No pictures, please. Copy exactly the lines from the one with "The time after image 1: 3.6 s." through the final line below.

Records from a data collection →
↓

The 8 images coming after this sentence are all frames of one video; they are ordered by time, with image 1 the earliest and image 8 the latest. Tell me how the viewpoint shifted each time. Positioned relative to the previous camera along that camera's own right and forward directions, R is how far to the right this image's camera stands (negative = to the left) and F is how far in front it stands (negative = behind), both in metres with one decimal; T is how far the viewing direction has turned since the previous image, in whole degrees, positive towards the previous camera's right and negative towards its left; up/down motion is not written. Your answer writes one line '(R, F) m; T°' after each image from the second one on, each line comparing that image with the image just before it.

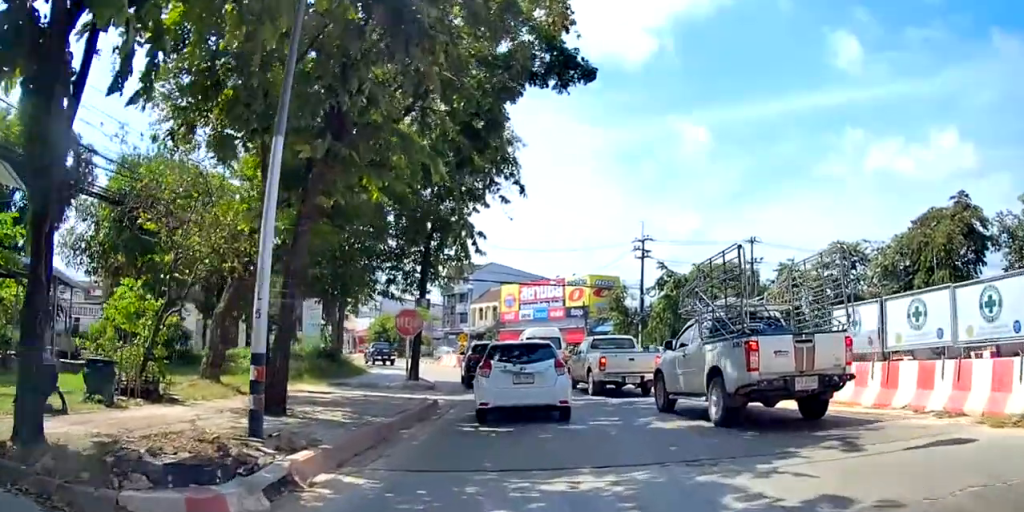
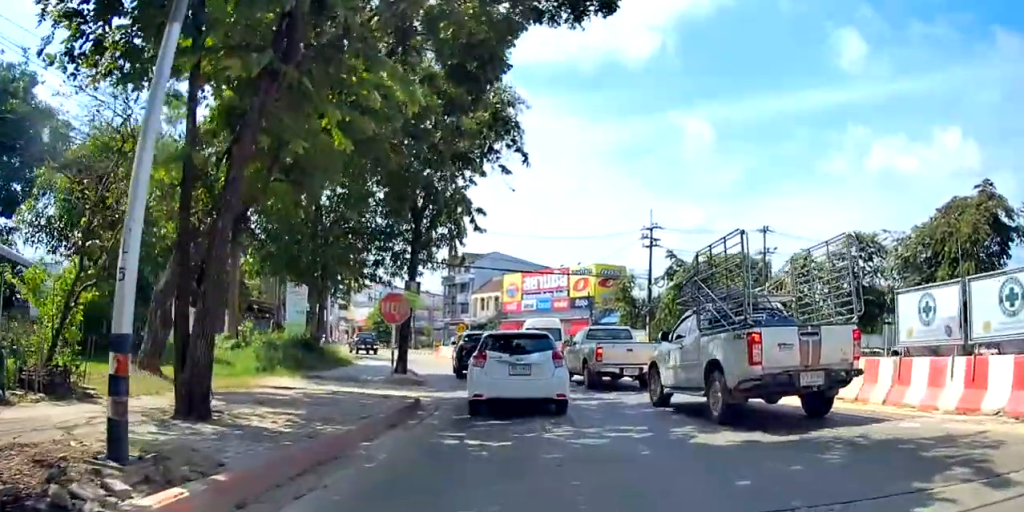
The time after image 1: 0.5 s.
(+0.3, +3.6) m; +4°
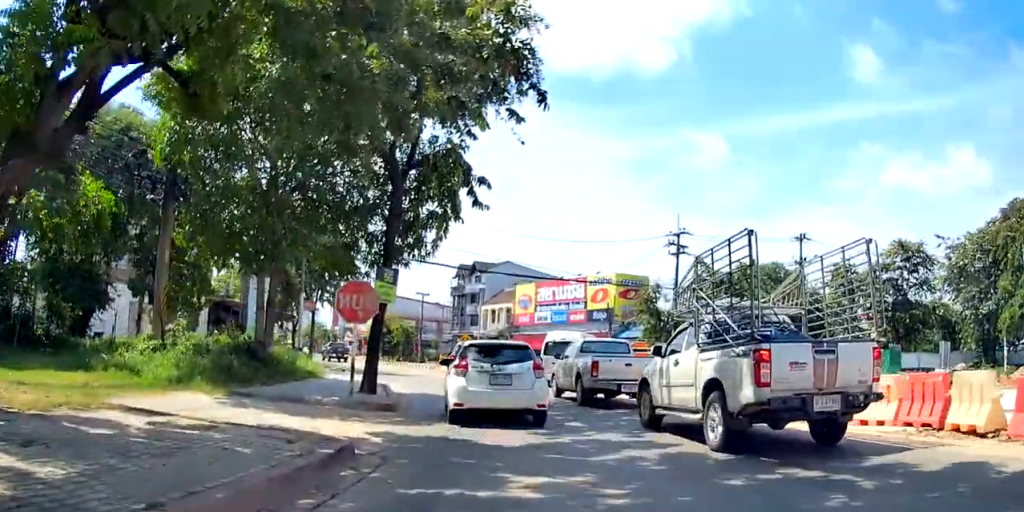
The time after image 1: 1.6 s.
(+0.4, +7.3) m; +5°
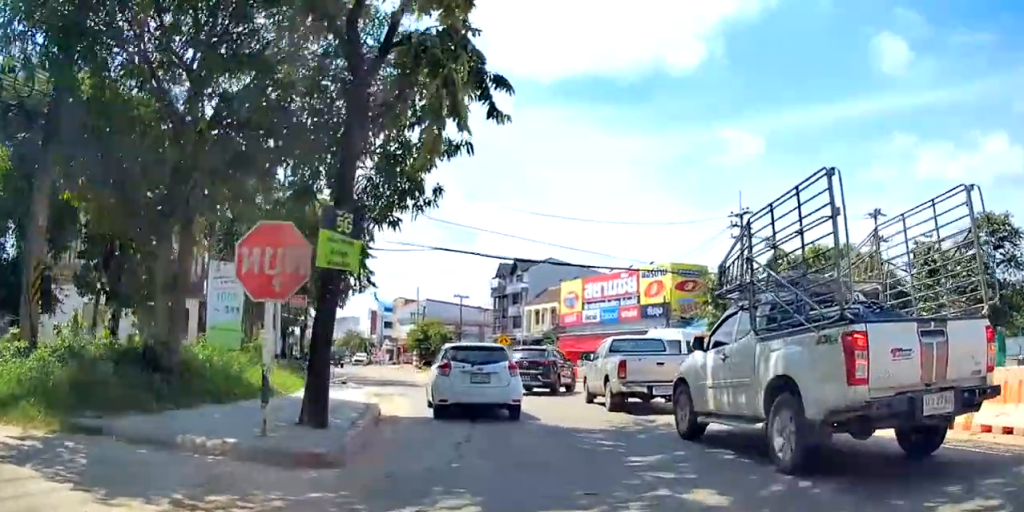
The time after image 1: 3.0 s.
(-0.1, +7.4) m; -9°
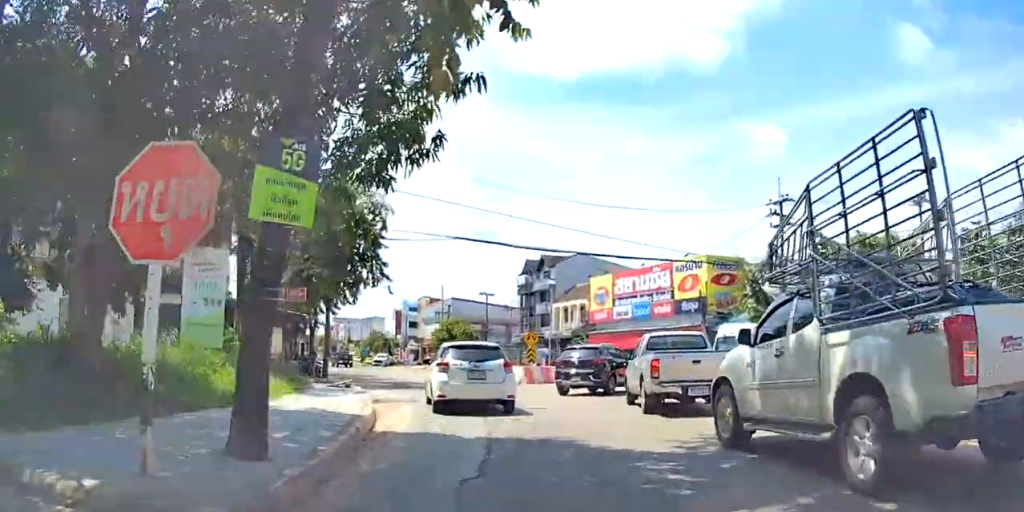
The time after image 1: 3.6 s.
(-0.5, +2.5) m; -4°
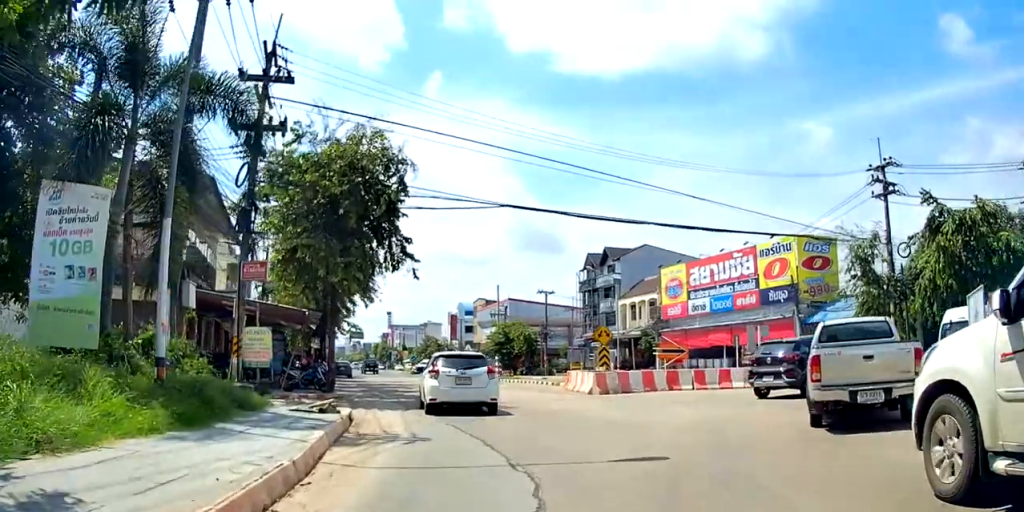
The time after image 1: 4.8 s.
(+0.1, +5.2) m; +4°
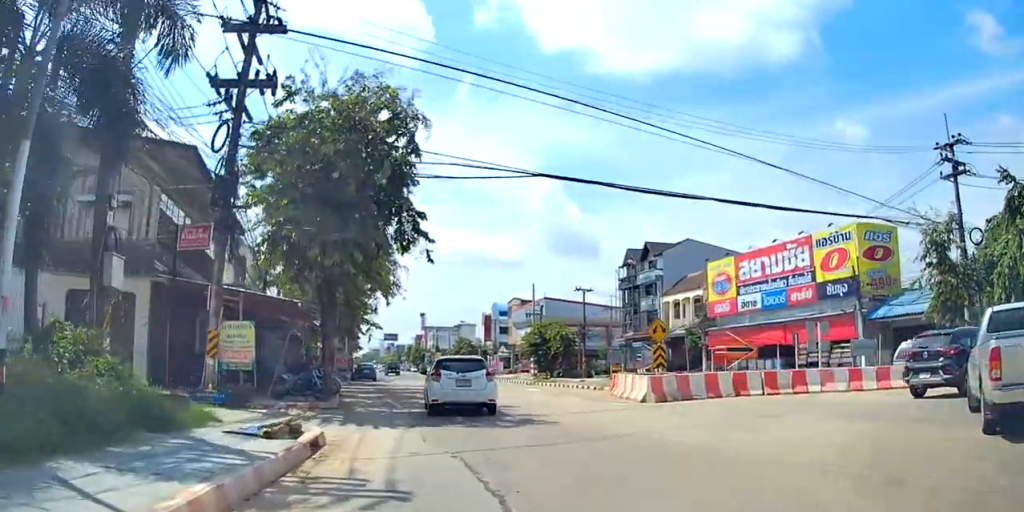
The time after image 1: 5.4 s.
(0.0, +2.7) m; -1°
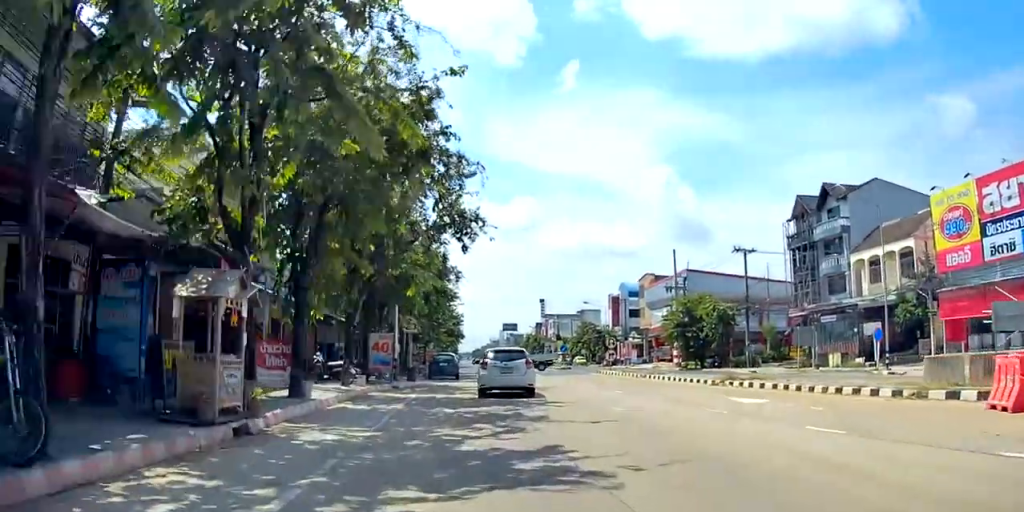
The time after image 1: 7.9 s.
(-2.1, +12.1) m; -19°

↑

Written answer →
The time after image 1: 3.6 s.
(-0.5, +2.5) m; -4°
The time after image 1: 4.8 s.
(+0.1, +5.2) m; +4°
The time after image 1: 5.4 s.
(0.0, +2.7) m; -1°
The time after image 1: 7.9 s.
(-2.1, +12.1) m; -19°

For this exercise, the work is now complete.